→ **What you will do**:
Copying rule for the data below: take the line containing "A robot hand's right" and every line after it to the end, exactly, and drop all pictures.

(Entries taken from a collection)
BEGIN

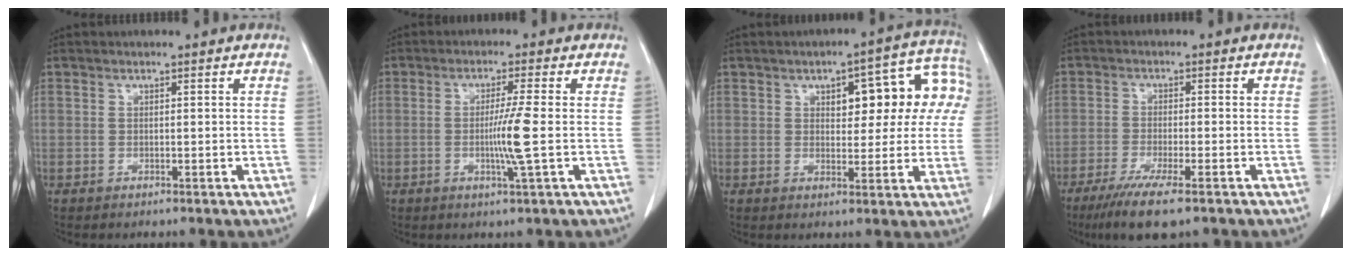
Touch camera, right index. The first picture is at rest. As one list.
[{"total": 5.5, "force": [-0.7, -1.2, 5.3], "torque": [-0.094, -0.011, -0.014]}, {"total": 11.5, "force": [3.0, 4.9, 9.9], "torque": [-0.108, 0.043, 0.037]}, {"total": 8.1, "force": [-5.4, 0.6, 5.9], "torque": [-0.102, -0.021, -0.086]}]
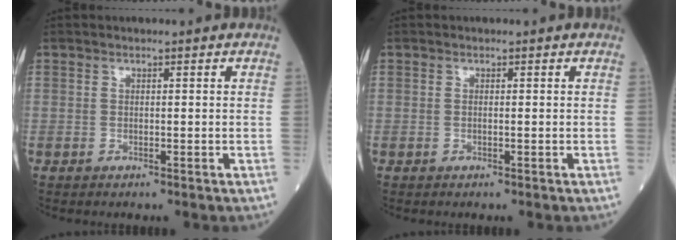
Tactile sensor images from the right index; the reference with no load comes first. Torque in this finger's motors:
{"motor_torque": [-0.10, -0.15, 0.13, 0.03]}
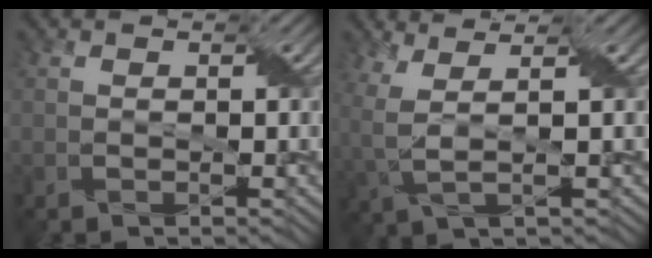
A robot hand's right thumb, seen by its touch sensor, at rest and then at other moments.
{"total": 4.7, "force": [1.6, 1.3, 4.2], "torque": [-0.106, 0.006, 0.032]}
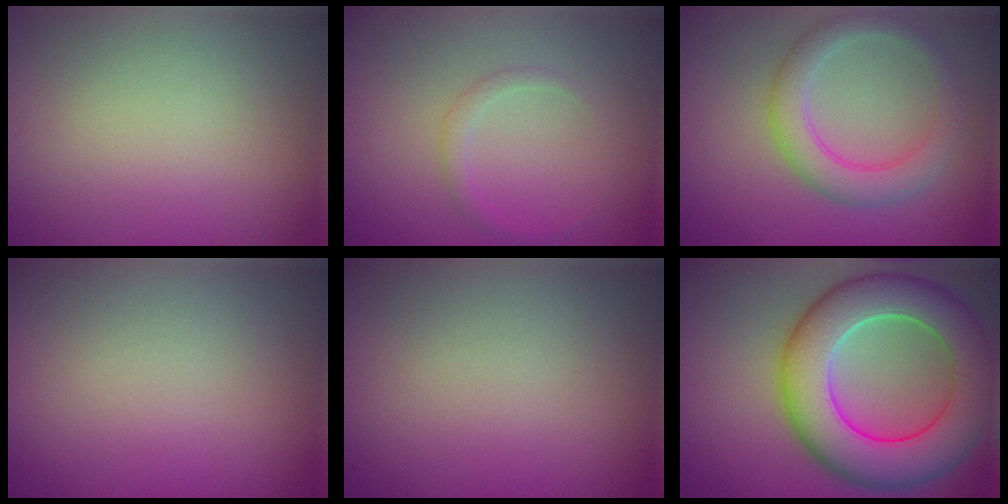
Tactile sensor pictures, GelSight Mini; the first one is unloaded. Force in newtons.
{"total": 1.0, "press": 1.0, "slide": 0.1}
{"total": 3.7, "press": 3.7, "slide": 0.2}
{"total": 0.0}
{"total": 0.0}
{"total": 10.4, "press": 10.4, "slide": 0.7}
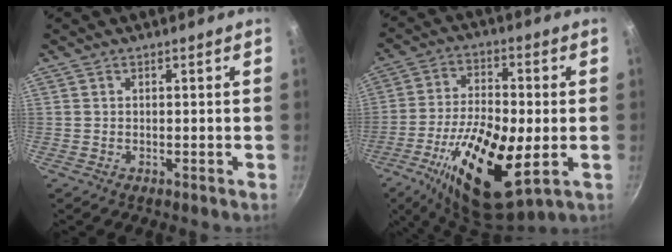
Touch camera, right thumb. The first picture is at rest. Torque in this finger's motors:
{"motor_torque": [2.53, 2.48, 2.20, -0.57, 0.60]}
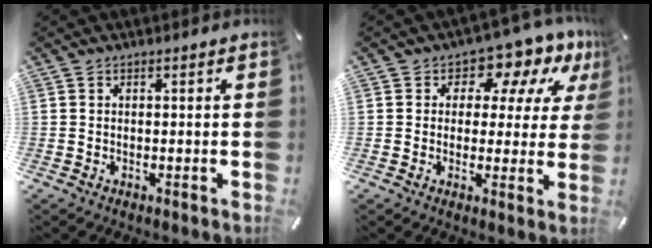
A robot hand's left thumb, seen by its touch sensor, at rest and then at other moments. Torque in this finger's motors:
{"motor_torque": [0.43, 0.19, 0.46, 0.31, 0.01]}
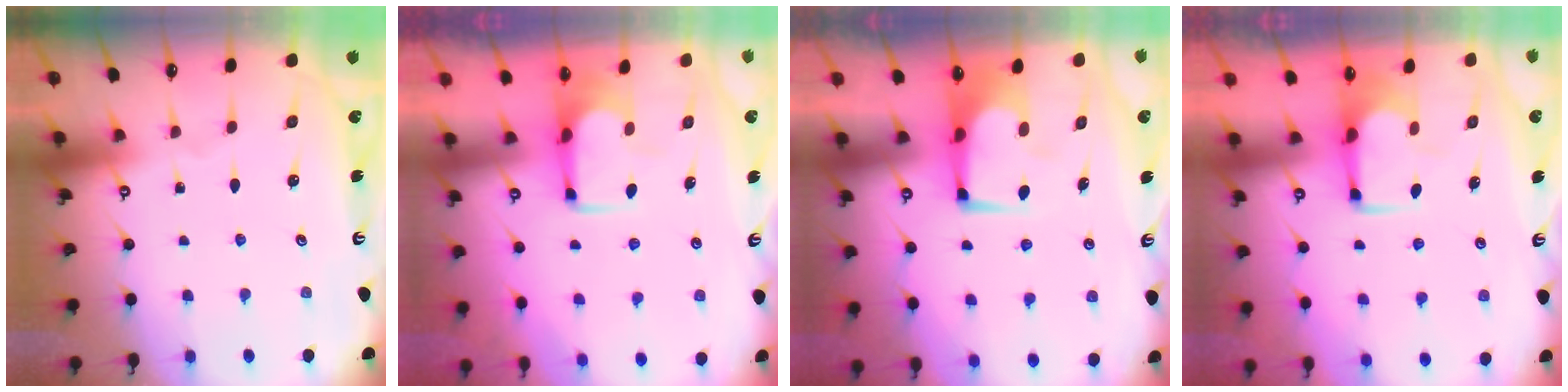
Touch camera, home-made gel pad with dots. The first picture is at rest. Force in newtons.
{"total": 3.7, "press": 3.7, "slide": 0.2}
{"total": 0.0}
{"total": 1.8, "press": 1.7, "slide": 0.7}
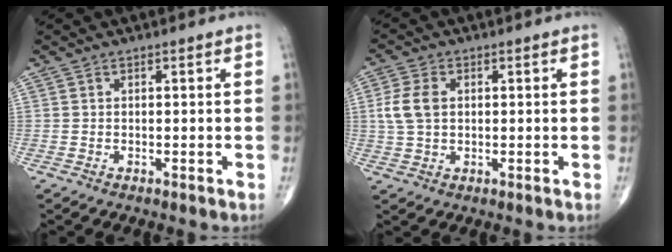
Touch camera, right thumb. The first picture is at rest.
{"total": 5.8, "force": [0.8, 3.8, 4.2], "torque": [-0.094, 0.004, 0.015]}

END

→ **Answer**:
A robot hand's right thumb, seen by its touch sensor, at rest and then at other moments.
{"total": 4.7, "force": [1.6, 1.3, 4.2], "torque": [-0.106, 0.006, 0.032]}
Tactile sensor pictures, GelSight Mini; the first one is unloaded. Force in newtons.
{"total": 1.0, "press": 1.0, "slide": 0.1}
{"total": 3.7, "press": 3.7, "slide": 0.2}
{"total": 0.0}
{"total": 0.0}
{"total": 10.4, "press": 10.4, "slide": 0.7}
Touch camera, right thumb. The first picture is at rest. Torque in this finger's motors:
{"motor_torque": [2.53, 2.48, 2.20, -0.57, 0.60]}
A robot hand's left thumb, seen by its touch sensor, at rest and then at other moments. Torque in this finger's motors:
{"motor_torque": [0.43, 0.19, 0.46, 0.31, 0.01]}
Touch camera, home-made gel pad with dots. The first picture is at rest. Force in newtons.
{"total": 3.7, "press": 3.7, "slide": 0.2}
{"total": 0.0}
{"total": 1.8, "press": 1.7, "slide": 0.7}
Touch camera, right thumb. The first picture is at rest.
{"total": 5.8, "force": [0.8, 3.8, 4.2], "torque": [-0.094, 0.004, 0.015]}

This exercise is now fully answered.